Task description: Of the records below, reproduce only the span that opens with the line containing "L8.885,4.182 C9.08,4.377 9.08,4.694" and closes with the last line.

Records for this exercise:

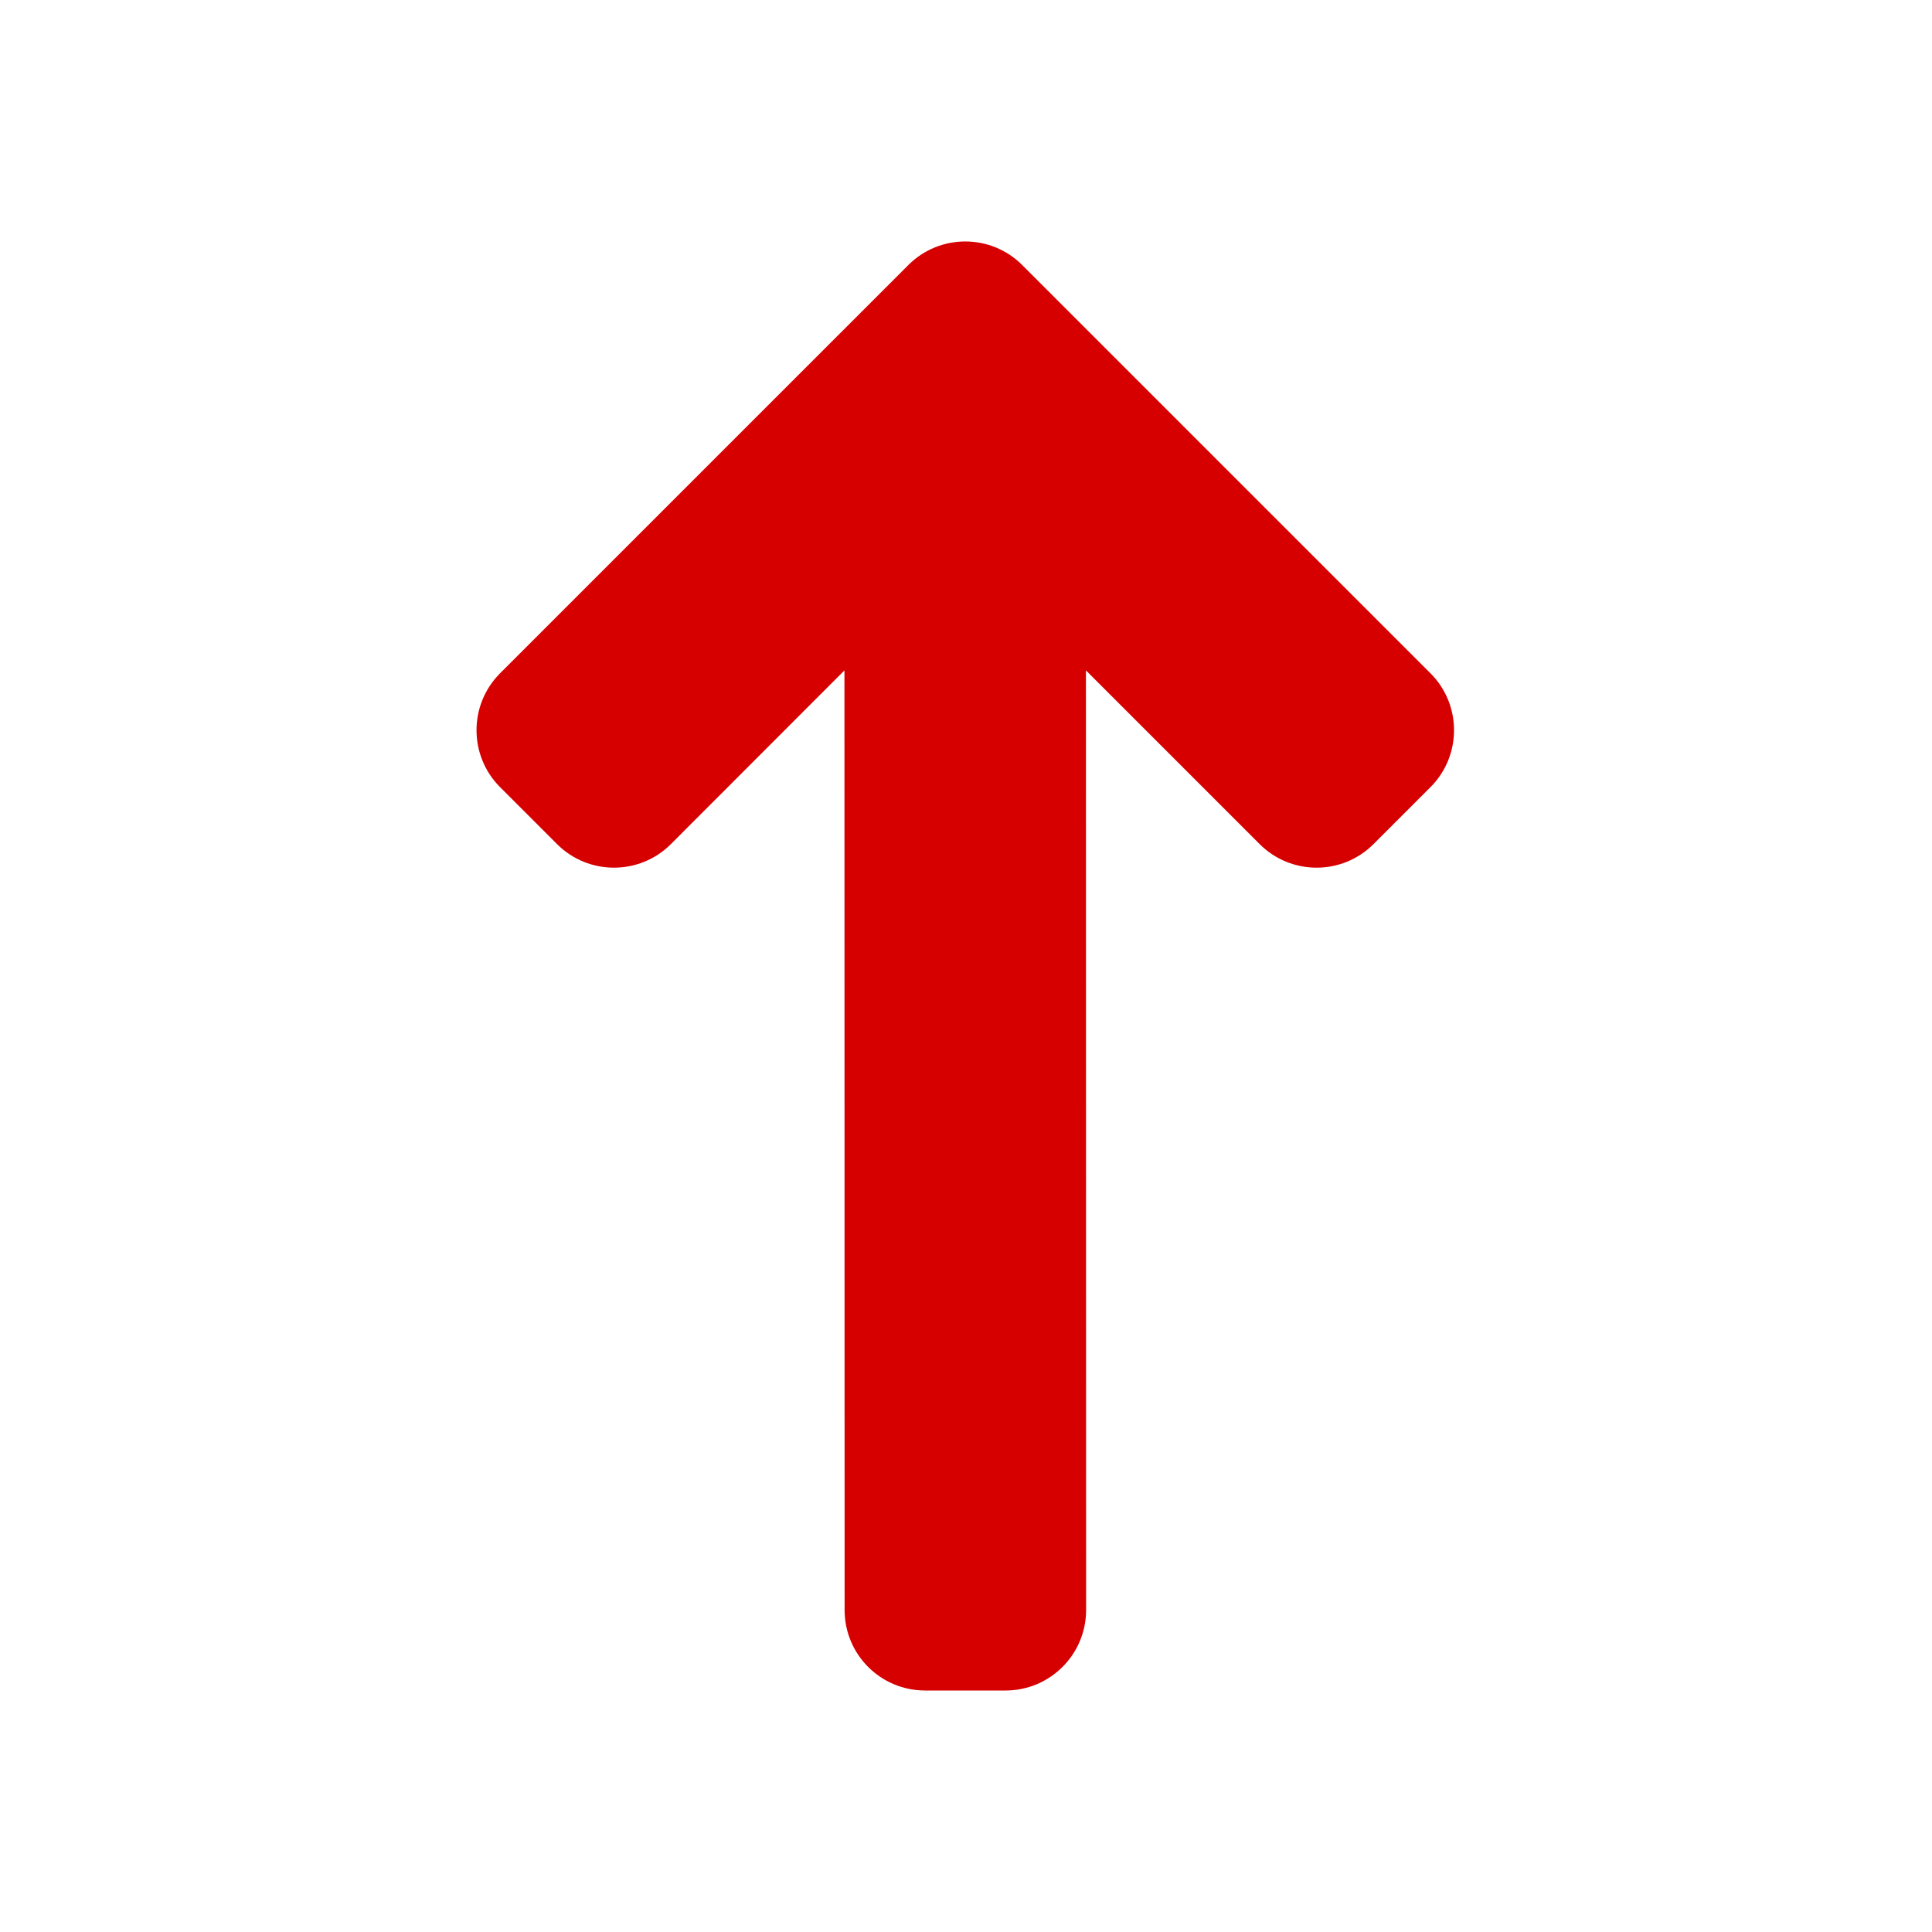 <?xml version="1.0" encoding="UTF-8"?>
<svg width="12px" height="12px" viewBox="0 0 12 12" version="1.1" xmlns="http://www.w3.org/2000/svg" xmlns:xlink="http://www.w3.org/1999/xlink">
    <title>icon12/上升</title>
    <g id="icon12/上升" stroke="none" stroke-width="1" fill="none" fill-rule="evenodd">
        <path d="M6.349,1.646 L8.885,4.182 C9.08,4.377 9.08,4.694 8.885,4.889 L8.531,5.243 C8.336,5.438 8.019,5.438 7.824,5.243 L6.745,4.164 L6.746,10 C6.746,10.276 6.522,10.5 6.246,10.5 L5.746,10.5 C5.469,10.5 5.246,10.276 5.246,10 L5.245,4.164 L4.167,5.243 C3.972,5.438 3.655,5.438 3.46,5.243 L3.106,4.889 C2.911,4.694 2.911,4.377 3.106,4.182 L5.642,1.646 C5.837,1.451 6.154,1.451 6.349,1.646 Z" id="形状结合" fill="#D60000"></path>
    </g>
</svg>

Exercise answer:
        <path d="M6.349,1.646 L8.885,4.182 C9.08,4.377 9.08,4.694 8.885,4.889 L8.531,5.243 C8.336,5.438 8.019,5.438 7.824,5.243 L6.745,4.164 L6.746,10 C6.746,10.276 6.522,10.5 6.246,10.5 L5.746,10.5 C5.469,10.5 5.246,10.276 5.246,10 L5.245,4.164 L4.167,5.243 C3.972,5.438 3.655,5.438 3.46,5.243 L3.106,4.889 C2.911,4.694 2.911,4.377 3.106,4.182 L5.642,1.646 C5.837,1.451 6.154,1.451 6.349,1.646 Z" id="形状结合" fill="#D60000"></path>
    </g>
</svg>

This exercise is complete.